### WHAT IS NEEDED
Leaving every image behind, reproduce the records word for word.

### THE DATA
'''

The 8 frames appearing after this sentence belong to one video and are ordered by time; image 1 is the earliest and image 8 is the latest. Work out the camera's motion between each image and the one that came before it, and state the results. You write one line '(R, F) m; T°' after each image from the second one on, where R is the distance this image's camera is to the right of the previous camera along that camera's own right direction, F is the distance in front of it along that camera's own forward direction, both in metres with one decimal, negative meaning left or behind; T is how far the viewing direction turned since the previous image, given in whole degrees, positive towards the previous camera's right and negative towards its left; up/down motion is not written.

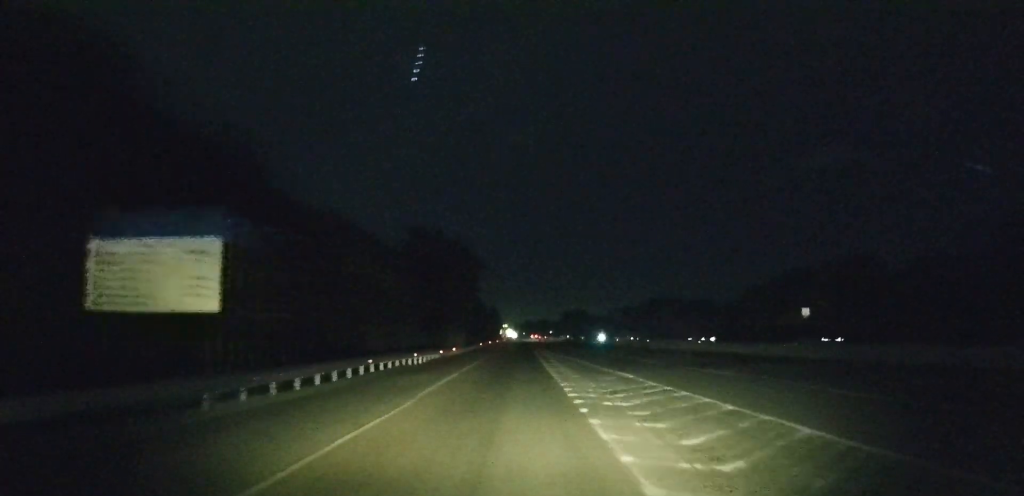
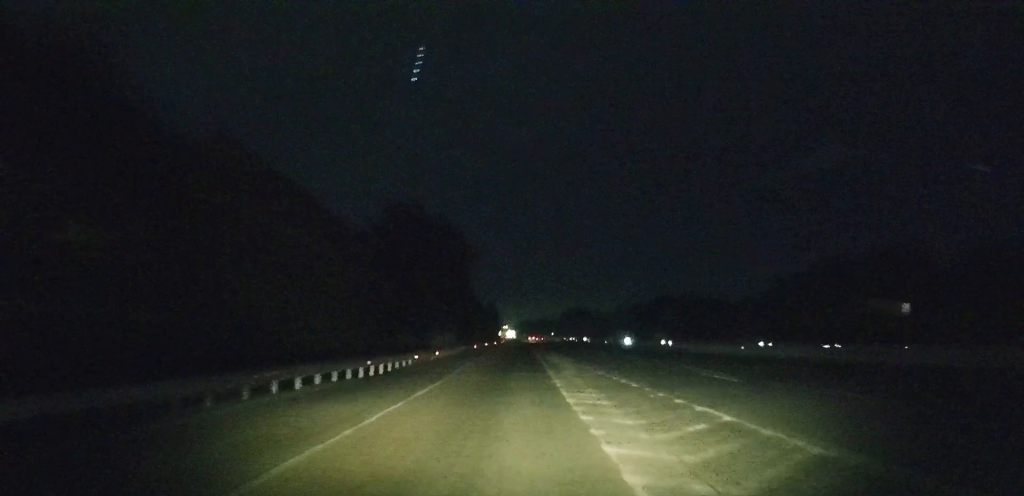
(0.0, +12.3) m; 0°
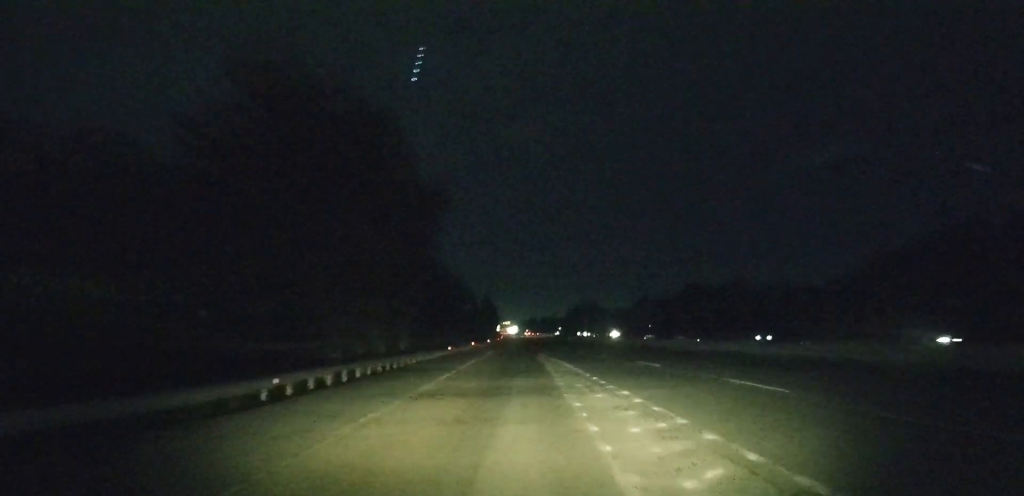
(-0.1, +35.6) m; 0°
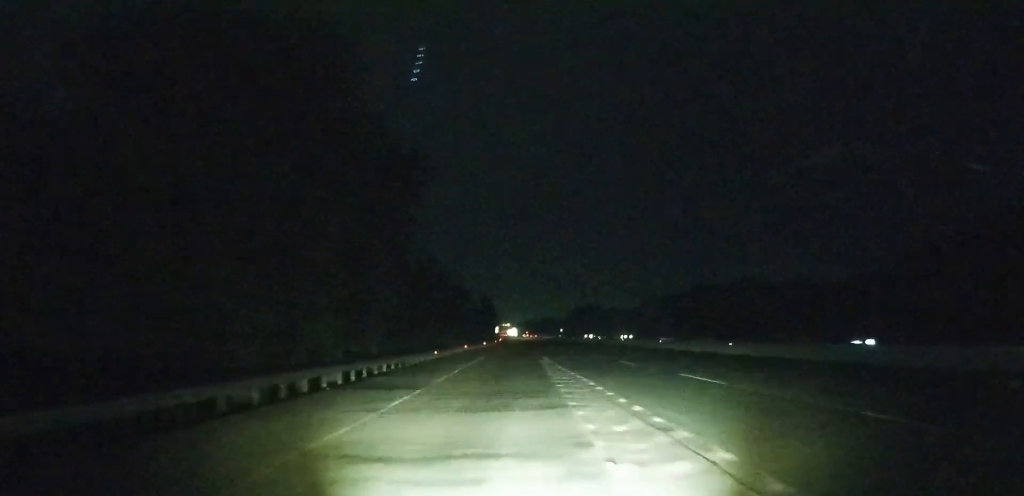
(0.0, +9.7) m; 0°
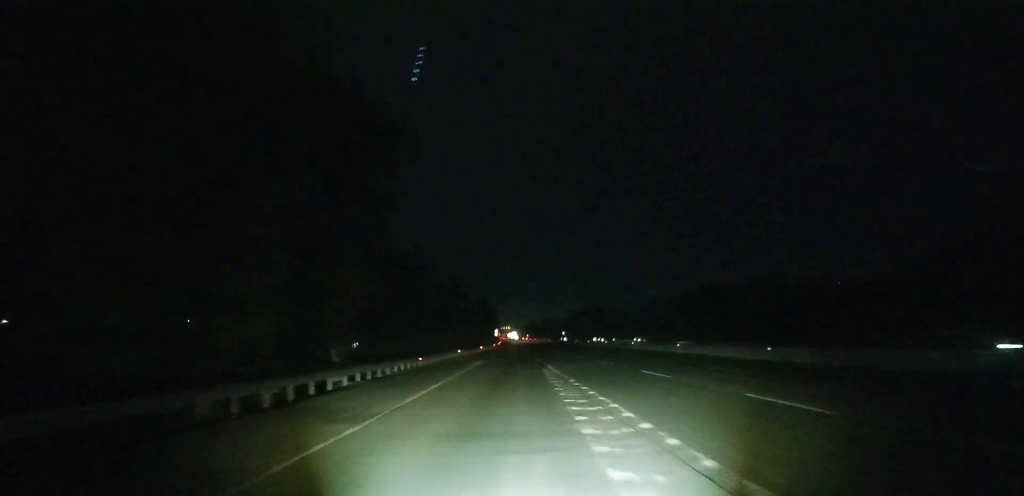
(0.0, +8.0) m; 0°
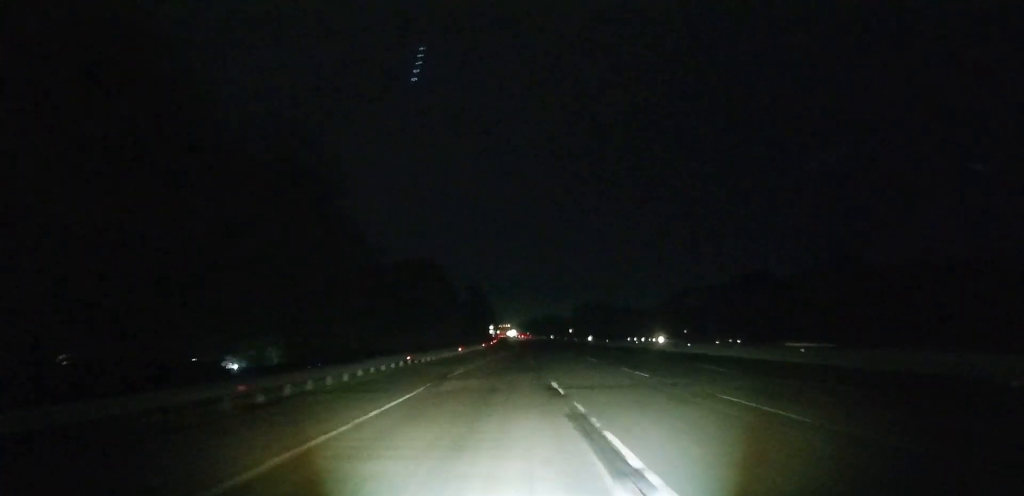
(0.0, +29.5) m; 0°
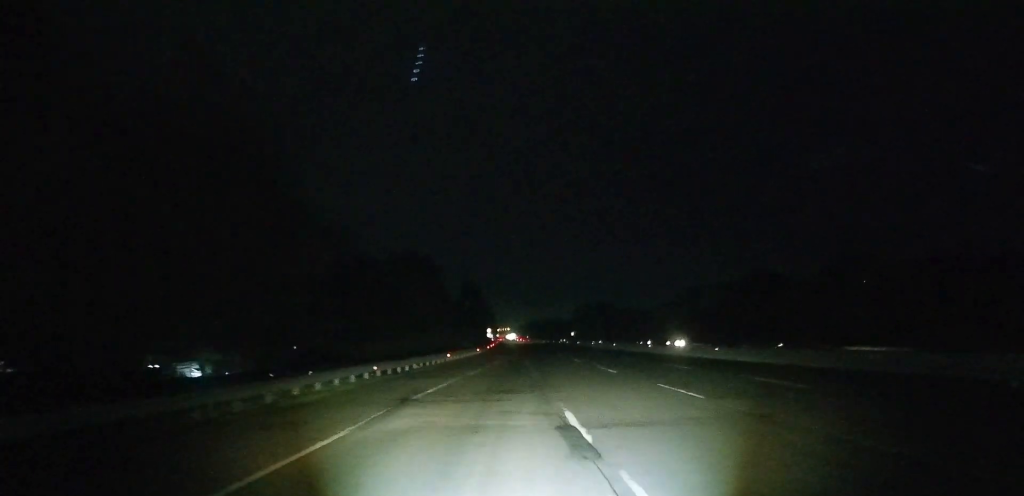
(0.0, +8.4) m; 0°
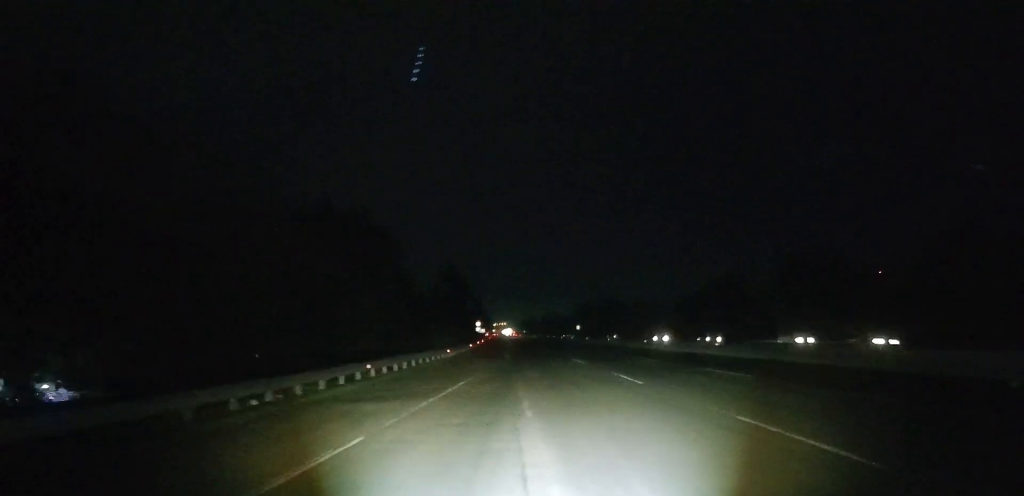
(+0.1, +24.6) m; 0°

'''

### EXERCISE RESPONSE
The 8 frames appearing after this sentence belong to one video and are ordered by time; image 1 is the earliest and image 8 is the latest. Work out the camera's motion between each image and the one that came before it, and state the results. You write one line '(R, F) m; T°' after each image from the second one on, where R is the distance this image's camera is to the right of the previous camera along that camera's own right direction, F is the distance in front of it along that camera's own forward direction, both in metres with one decimal, negative meaning left or behind; T is how far the viewing direction turned since the previous image, given in whole degrees, positive towards the previous camera's right and negative towards its left; up/down motion is not written.

(0.0, +12.3) m; 0°
(-0.1, +35.6) m; 0°
(0.0, +9.7) m; 0°
(0.0, +8.0) m; 0°
(0.0, +29.5) m; 0°
(0.0, +8.4) m; 0°
(+0.1, +24.6) m; 0°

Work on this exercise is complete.